# WORK REQUEST
Starting at the line that contains "Character: 6", write out every line through the end of the records below exactly as it appears, and leave out all pictures.

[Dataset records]
[Start of section]

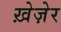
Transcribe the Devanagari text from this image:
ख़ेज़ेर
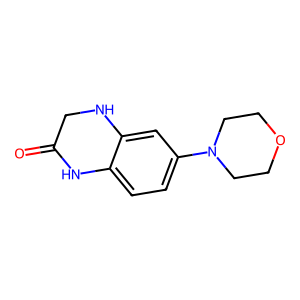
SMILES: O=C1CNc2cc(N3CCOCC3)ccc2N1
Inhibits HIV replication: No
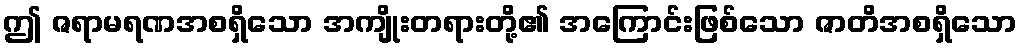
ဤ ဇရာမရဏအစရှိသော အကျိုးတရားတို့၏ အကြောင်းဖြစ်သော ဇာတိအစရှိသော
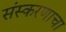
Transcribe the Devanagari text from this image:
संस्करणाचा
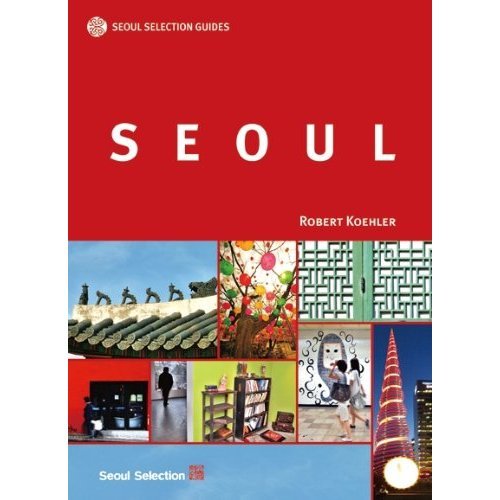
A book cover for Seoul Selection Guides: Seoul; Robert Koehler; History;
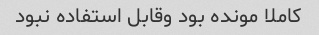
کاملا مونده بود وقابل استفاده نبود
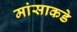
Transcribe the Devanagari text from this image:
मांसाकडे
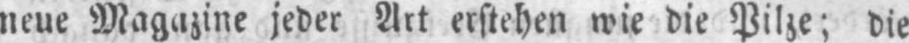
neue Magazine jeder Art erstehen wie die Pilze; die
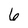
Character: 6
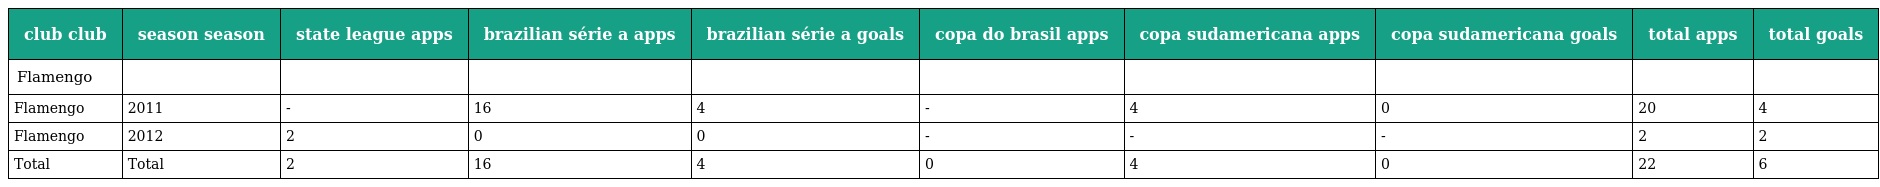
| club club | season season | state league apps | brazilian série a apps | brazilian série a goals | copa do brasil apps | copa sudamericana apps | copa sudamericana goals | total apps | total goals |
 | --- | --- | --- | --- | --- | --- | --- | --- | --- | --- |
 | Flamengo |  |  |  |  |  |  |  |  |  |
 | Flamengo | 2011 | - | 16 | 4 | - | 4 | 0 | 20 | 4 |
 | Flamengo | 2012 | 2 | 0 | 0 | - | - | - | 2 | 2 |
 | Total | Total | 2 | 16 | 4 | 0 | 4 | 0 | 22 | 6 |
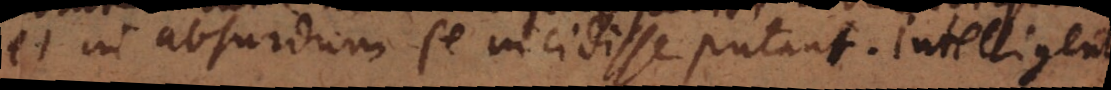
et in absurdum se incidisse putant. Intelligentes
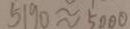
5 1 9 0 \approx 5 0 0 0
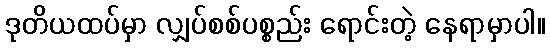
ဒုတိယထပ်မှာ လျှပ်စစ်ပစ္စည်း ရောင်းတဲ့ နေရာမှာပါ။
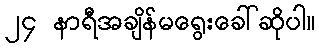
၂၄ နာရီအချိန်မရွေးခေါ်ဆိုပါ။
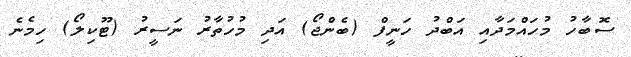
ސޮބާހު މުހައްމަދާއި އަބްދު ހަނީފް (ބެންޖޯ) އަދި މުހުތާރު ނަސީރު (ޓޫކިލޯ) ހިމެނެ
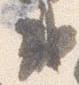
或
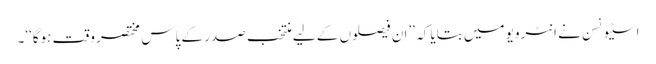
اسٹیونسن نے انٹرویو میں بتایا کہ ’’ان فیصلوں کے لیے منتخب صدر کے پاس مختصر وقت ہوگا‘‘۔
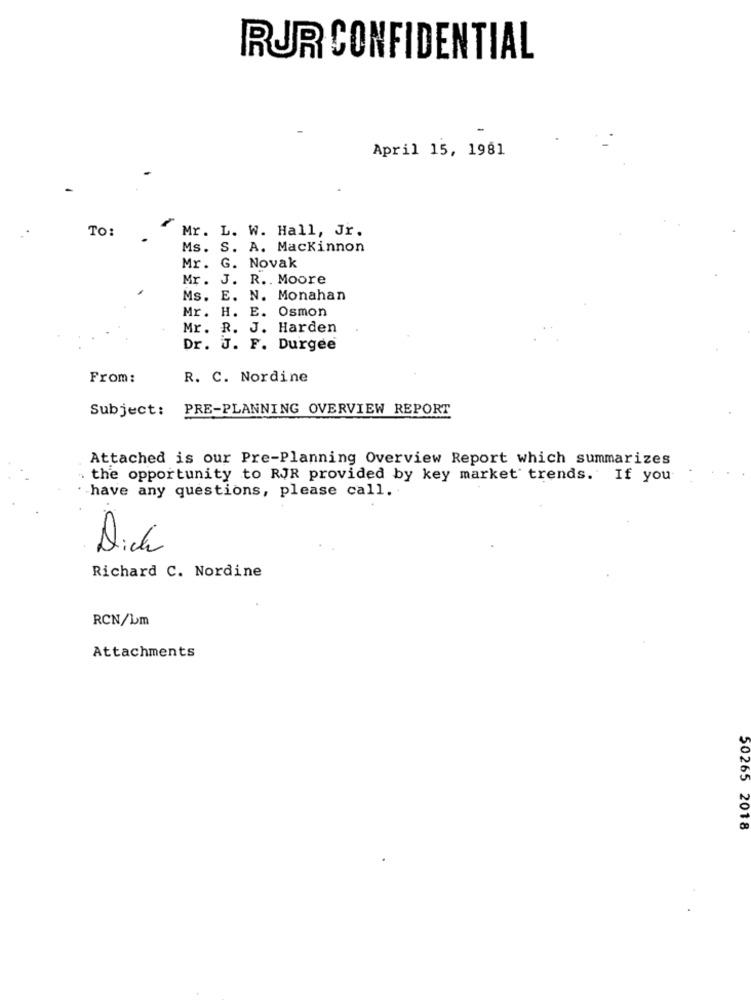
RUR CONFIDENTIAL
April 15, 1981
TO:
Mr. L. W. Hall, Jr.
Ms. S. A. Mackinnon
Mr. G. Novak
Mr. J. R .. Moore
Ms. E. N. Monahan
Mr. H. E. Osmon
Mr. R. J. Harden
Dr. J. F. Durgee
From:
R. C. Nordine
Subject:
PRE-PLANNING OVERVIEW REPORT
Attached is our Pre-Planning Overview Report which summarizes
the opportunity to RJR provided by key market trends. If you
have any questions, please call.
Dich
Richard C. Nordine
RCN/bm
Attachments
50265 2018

[End of section]

# TASK ANSWER
Character: 6
| club club | season season | state league apps | brazilian série a apps | brazilian série a goals | copa do brasil apps | copa sudamericana apps | copa sudamericana goals | total apps | total goals |
 | --- | --- | --- | --- | --- | --- | --- | --- | --- | --- |
 | Flamengo |  |  |  |  |  |  |  |  |  |
 | Flamengo | 2011 | - | 16 | 4 | - | 4 | 0 | 20 | 4 |
 | Flamengo | 2012 | 2 | 0 | 0 | - | - | - | 2 | 2 |
 | Total | Total | 2 | 16 | 4 | 0 | 4 | 0 | 22 | 6 |
et in absurdum se incidisse putant. Intelligentes
5 1 9 0 \approx 5 0 0 0
ဒုတိယထပ်မှာ လျှပ်စစ်ပစ္စည်း ရောင်းတဲ့ နေရာမှာပါ။
၂၄ နာရီအချိန်မရွေးခေါ်ဆိုပါ။
ސޮބާހު މުހައްމަދާއި އަބްދު ހަނީފް (ބެންޖޯ) އަދި މުހުތާރު ނަސީރު (ޓޫކިލޯ) ހިމެނެ
或
اسٹیونسن نے انٹرویو میں بتایا کہ ’’ان فیصلوں کے لیے منتخب صدر کے پاس مختصر وقت ہوگا‘‘۔
RUR CONFIDENTIAL
April 15, 1981
TO:
Mr. L. W. Hall, Jr.
Ms. S. A. Mackinnon
Mr. G. Novak
Mr. J. R .. Moore
Ms. E. N. Monahan
Mr. H. E. Osmon
Mr. R. J. Harden
Dr. J. F. Durgee
From:
R. C. Nordine
Subject:
PRE-PLANNING OVERVIEW REPORT
Attached is our Pre-Planning Overview Report which summarizes
the opportunity to RJR provided by key market trends. If you
have any questions, please call.
Dich
Richard C. Nordine
RCN/bm
Attachments
50265 2018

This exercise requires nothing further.